### EXERCISE
Write the records below out again word for word, with the pictures removed.

Segment Start: PROVIDED RECORDS

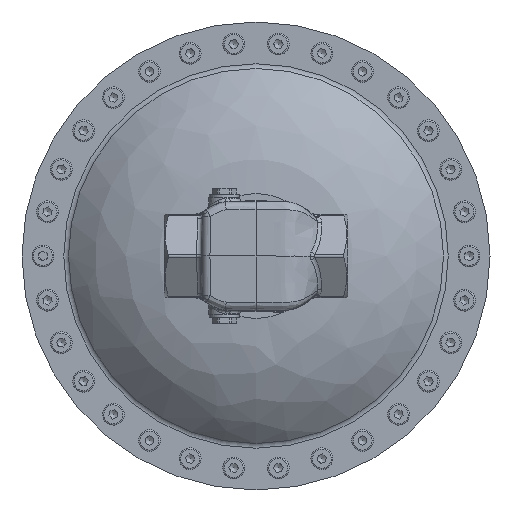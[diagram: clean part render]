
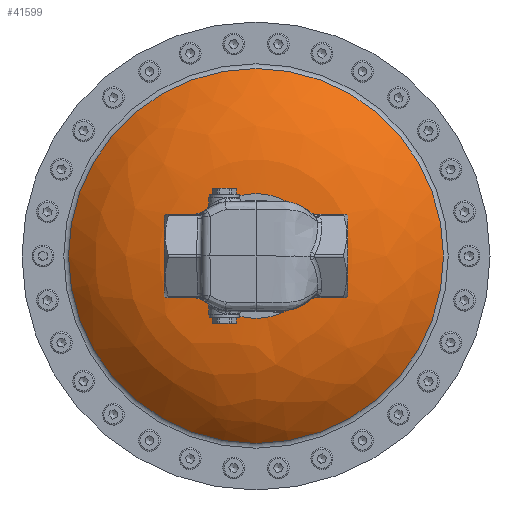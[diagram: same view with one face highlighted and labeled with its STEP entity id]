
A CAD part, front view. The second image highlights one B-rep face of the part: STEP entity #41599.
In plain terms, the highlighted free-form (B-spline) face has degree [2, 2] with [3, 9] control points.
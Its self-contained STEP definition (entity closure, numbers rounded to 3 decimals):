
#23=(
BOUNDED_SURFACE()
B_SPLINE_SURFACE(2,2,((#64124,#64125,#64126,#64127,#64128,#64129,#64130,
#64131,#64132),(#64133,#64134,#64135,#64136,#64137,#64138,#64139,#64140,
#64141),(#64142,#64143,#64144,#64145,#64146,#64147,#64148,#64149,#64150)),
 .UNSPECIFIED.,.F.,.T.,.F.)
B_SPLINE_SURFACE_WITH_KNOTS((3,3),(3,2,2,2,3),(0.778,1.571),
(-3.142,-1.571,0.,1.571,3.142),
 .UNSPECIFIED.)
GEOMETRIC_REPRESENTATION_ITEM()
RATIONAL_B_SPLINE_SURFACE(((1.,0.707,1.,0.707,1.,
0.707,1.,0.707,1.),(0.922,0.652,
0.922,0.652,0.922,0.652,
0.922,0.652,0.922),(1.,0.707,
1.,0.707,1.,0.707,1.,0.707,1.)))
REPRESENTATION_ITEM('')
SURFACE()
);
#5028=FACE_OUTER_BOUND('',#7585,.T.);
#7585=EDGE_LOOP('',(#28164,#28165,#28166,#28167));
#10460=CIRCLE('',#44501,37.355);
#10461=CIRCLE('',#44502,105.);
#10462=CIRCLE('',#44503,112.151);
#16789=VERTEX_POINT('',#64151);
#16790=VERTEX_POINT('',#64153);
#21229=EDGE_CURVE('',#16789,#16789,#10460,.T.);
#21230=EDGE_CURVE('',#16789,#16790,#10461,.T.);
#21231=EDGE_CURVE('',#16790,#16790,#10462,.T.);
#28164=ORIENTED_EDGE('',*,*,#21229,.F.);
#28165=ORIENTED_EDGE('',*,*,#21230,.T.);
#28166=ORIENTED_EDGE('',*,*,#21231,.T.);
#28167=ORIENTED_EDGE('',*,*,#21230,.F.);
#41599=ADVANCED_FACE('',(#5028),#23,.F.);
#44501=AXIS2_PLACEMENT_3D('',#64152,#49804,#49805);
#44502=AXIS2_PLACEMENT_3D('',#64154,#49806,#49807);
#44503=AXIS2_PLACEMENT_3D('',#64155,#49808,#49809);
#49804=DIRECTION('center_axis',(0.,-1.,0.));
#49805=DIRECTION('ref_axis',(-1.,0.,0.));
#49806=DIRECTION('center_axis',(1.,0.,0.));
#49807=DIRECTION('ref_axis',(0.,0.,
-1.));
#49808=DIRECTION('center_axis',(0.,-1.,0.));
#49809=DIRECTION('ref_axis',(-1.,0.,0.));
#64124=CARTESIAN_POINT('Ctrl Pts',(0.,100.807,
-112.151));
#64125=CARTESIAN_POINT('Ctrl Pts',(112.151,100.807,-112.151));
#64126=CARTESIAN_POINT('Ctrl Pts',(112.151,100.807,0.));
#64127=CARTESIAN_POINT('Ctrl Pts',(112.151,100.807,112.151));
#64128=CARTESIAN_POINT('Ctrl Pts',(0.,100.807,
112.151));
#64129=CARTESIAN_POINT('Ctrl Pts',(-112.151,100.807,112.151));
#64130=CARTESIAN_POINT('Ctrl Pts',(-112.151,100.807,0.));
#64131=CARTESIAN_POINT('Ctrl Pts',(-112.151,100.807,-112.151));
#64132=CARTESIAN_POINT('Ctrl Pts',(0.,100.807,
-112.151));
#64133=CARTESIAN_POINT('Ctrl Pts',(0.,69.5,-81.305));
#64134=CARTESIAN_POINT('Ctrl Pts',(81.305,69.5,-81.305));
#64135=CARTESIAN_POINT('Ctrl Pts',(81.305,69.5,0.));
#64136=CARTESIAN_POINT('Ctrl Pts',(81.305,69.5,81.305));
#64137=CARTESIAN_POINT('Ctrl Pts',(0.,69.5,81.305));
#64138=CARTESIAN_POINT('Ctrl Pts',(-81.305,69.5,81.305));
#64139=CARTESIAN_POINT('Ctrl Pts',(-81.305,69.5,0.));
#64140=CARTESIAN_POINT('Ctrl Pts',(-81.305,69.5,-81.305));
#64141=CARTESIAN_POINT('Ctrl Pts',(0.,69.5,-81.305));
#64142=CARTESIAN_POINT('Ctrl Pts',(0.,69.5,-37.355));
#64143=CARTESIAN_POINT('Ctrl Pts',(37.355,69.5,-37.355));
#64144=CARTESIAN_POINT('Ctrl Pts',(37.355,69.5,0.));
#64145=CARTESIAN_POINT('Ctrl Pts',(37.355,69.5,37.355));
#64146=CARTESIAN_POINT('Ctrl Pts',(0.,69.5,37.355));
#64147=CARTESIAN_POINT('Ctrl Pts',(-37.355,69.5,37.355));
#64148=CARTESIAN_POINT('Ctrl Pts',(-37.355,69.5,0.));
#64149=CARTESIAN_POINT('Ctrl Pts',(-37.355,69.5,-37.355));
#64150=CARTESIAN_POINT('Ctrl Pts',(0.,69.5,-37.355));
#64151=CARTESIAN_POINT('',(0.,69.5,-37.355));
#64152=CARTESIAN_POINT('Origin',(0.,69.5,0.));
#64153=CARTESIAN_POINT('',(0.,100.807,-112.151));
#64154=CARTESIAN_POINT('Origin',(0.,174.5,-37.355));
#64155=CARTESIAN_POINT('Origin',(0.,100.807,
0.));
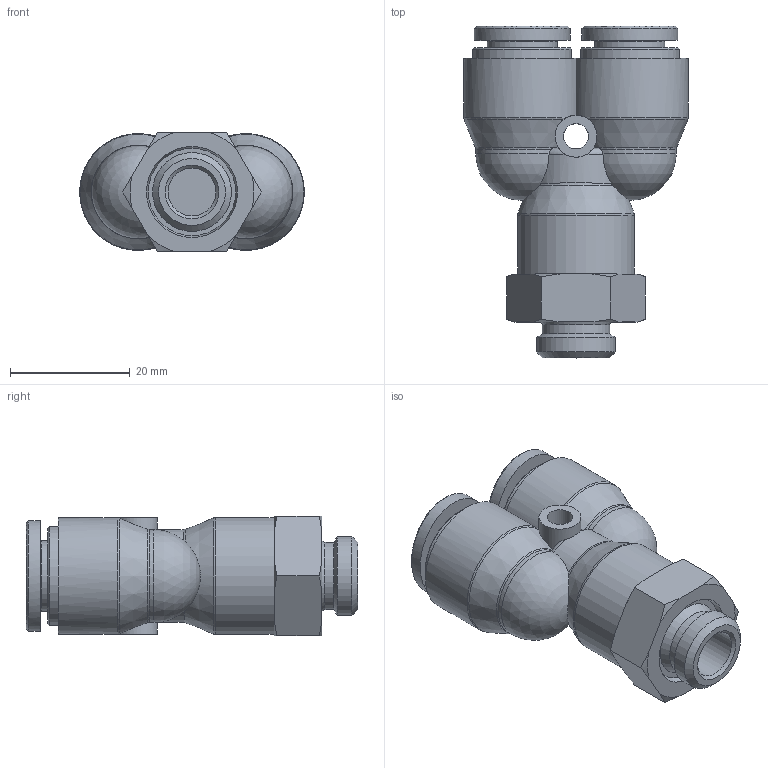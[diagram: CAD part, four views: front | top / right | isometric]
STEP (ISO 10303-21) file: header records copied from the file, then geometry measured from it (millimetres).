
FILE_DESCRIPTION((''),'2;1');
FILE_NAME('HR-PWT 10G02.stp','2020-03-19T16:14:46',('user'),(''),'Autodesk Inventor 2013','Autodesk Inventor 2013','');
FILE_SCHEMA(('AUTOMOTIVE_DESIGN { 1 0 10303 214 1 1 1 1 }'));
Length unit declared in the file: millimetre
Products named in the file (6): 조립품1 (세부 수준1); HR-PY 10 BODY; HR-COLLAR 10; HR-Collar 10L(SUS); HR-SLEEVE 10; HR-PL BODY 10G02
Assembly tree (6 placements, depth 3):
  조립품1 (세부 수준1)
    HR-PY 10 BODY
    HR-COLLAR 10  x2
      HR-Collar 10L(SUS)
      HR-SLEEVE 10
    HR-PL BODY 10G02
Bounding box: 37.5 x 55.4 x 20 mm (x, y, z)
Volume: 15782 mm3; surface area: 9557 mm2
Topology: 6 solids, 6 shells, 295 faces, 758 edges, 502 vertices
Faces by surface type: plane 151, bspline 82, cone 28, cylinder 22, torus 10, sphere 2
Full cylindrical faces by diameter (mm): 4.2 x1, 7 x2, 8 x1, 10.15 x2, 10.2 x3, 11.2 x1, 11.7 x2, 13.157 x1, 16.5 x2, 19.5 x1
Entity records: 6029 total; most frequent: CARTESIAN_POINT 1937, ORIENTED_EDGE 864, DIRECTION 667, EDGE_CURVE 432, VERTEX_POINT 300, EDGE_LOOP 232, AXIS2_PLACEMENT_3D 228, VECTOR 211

Segment End: PROVIDED RECORDS

### ANSWER SECTION
[diagram: clean part render]
[diagram: same view with one face highlighted and labeled with its STEP entity id]
A CAD part, front view. The second image highlights one B-rep face of the part: STEP entity #41599.
In plain terms, the highlighted free-form (B-spline) face has degree [2, 2] with [3, 9] control points.
Its self-contained STEP definition (entity closure, numbers rounded to 3 decimals):
#23=(
BOUNDED_SURFACE()
B_SPLINE_SURFACE(2,2,((#64124,#64125,#64126,#64127,#64128,#64129,#64130,
#64131,#64132),(#64133,#64134,#64135,#64136,#64137,#64138,#64139,#64140,
#64141),(#64142,#64143,#64144,#64145,#64146,#64147,#64148,#64149,#64150)),
 .UNSPECIFIED.,.F.,.T.,.F.)
B_SPLINE_SURFACE_WITH_KNOTS((3,3),(3,2,2,2,3),(0.778,1.571),
(-3.142,-1.571,0.,1.571,3.142),
 .UNSPECIFIED.)
GEOMETRIC_REPRESENTATION_ITEM()
RATIONAL_B_SPLINE_SURFACE(((1.,0.707,1.,0.707,1.,
0.707,1.,0.707,1.),(0.922,0.652,
0.922,0.652,0.922,0.652,
0.922,0.652,0.922),(1.,0.707,
1.,0.707,1.,0.707,1.,0.707,1.)))
REPRESENTATION_ITEM('')
SURFACE()
);
#5028=FACE_OUTER_BOUND('',#7585,.T.);
#7585=EDGE_LOOP('',(#28164,#28165,#28166,#28167));
#10460=CIRCLE('',#44501,37.355);
#10461=CIRCLE('',#44502,105.);
#10462=CIRCLE('',#44503,112.151);
#16789=VERTEX_POINT('',#64151);
#16790=VERTEX_POINT('',#64153);
#21229=EDGE_CURVE('',#16789,#16789,#10460,.T.);
#21230=EDGE_CURVE('',#16789,#16790,#10461,.T.);
#21231=EDGE_CURVE('',#16790,#16790,#10462,.T.);
#28164=ORIENTED_EDGE('',*,*,#21229,.F.);
#28165=ORIENTED_EDGE('',*,*,#21230,.T.);
#28166=ORIENTED_EDGE('',*,*,#21231,.T.);
#28167=ORIENTED_EDGE('',*,*,#21230,.F.);
#41599=ADVANCED_FACE('',(#5028),#23,.F.);
#44501=AXIS2_PLACEMENT_3D('',#64152,#49804,#49805);
#44502=AXIS2_PLACEMENT_3D('',#64154,#49806,#49807);
#44503=AXIS2_PLACEMENT_3D('',#64155,#49808,#49809);
#49804=DIRECTION('center_axis',(0.,-1.,0.));
#49805=DIRECTION('ref_axis',(-1.,0.,0.));
#49806=DIRECTION('center_axis',(1.,0.,0.));
#49807=DIRECTION('ref_axis',(0.,0.,
-1.));
#49808=DIRECTION('center_axis',(0.,-1.,0.));
#49809=DIRECTION('ref_axis',(-1.,0.,0.));
#64124=CARTESIAN_POINT('Ctrl Pts',(0.,100.807,
-112.151));
#64125=CARTESIAN_POINT('Ctrl Pts',(112.151,100.807,-112.151));
#64126=CARTESIAN_POINT('Ctrl Pts',(112.151,100.807,0.));
#64127=CARTESIAN_POINT('Ctrl Pts',(112.151,100.807,112.151));
#64128=CARTESIAN_POINT('Ctrl Pts',(0.,100.807,
112.151));
#64129=CARTESIAN_POINT('Ctrl Pts',(-112.151,100.807,112.151));
#64130=CARTESIAN_POINT('Ctrl Pts',(-112.151,100.807,0.));
#64131=CARTESIAN_POINT('Ctrl Pts',(-112.151,100.807,-112.151));
#64132=CARTESIAN_POINT('Ctrl Pts',(0.,100.807,
-112.151));
#64133=CARTESIAN_POINT('Ctrl Pts',(0.,69.5,-81.305));
#64134=CARTESIAN_POINT('Ctrl Pts',(81.305,69.5,-81.305));
#64135=CARTESIAN_POINT('Ctrl Pts',(81.305,69.5,0.));
#64136=CARTESIAN_POINT('Ctrl Pts',(81.305,69.5,81.305));
#64137=CARTESIAN_POINT('Ctrl Pts',(0.,69.5,81.305));
#64138=CARTESIAN_POINT('Ctrl Pts',(-81.305,69.5,81.305));
#64139=CARTESIAN_POINT('Ctrl Pts',(-81.305,69.5,0.));
#64140=CARTESIAN_POINT('Ctrl Pts',(-81.305,69.5,-81.305));
#64141=CARTESIAN_POINT('Ctrl Pts',(0.,69.5,-81.305));
#64142=CARTESIAN_POINT('Ctrl Pts',(0.,69.5,-37.355));
#64143=CARTESIAN_POINT('Ctrl Pts',(37.355,69.5,-37.355));
#64144=CARTESIAN_POINT('Ctrl Pts',(37.355,69.5,0.));
#64145=CARTESIAN_POINT('Ctrl Pts',(37.355,69.5,37.355));
#64146=CARTESIAN_POINT('Ctrl Pts',(0.,69.5,37.355));
#64147=CARTESIAN_POINT('Ctrl Pts',(-37.355,69.5,37.355));
#64148=CARTESIAN_POINT('Ctrl Pts',(-37.355,69.5,0.));
#64149=CARTESIAN_POINT('Ctrl Pts',(-37.355,69.5,-37.355));
#64150=CARTESIAN_POINT('Ctrl Pts',(0.,69.5,-37.355));
#64151=CARTESIAN_POINT('',(0.,69.5,-37.355));
#64152=CARTESIAN_POINT('Origin',(0.,69.5,0.));
#64153=CARTESIAN_POINT('',(0.,100.807,-112.151));
#64154=CARTESIAN_POINT('Origin',(0.,174.5,-37.355));
#64155=CARTESIAN_POINT('Origin',(0.,100.807,
0.));
[diagram: CAD part, four views: front | top / right | isometric]
STEP (ISO 10303-21) file: header records copied from the file, then geometry measured from it (millimetres).
FILE_DESCRIPTION((''),'2;1');
FILE_NAME('HR-PWT 10G02.stp','2020-03-19T16:14:46',('user'),(''),'Autodesk Inventor 2013','Autodesk Inventor 2013','');
FILE_SCHEMA(('AUTOMOTIVE_DESIGN { 1 0 10303 214 1 1 1 1 }'));
Length unit declared in the file: millimetre
Products named in the file (6): 조립품1 (세부 수준1); HR-PY 10 BODY; HR-COLLAR 10; HR-Collar 10L(SUS); HR-SLEEVE 10; HR-PL BODY 10G02
Assembly tree (6 placements, depth 3):
  조립품1 (세부 수준1)
    HR-PY 10 BODY
    HR-COLLAR 10  x2
      HR-Collar 10L(SUS)
      HR-SLEEVE 10
    HR-PL BODY 10G02
Bounding box: 37.5 x 55.4 x 20 mm (x, y, z)
Volume: 15782 mm3; surface area: 9557 mm2
Topology: 6 solids, 6 shells, 295 faces, 758 edges, 502 vertices
Faces by surface type: plane 151, bspline 82, cone 28, cylinder 22, torus 10, sphere 2
Full cylindrical faces by diameter (mm): 4.2 x1, 7 x2, 8 x1, 10.15 x2, 10.2 x3, 11.2 x1, 11.7 x2, 13.157 x1, 16.5 x2, 19.5 x1
Entity records: 6029 total; most frequent: CARTESIAN_POINT 1937, ORIENTED_EDGE 864, DIRECTION 667, EDGE_CURVE 432, VERTEX_POINT 300, EDGE_LOOP 232, AXIS2_PLACEMENT_3D 228, VECTOR 211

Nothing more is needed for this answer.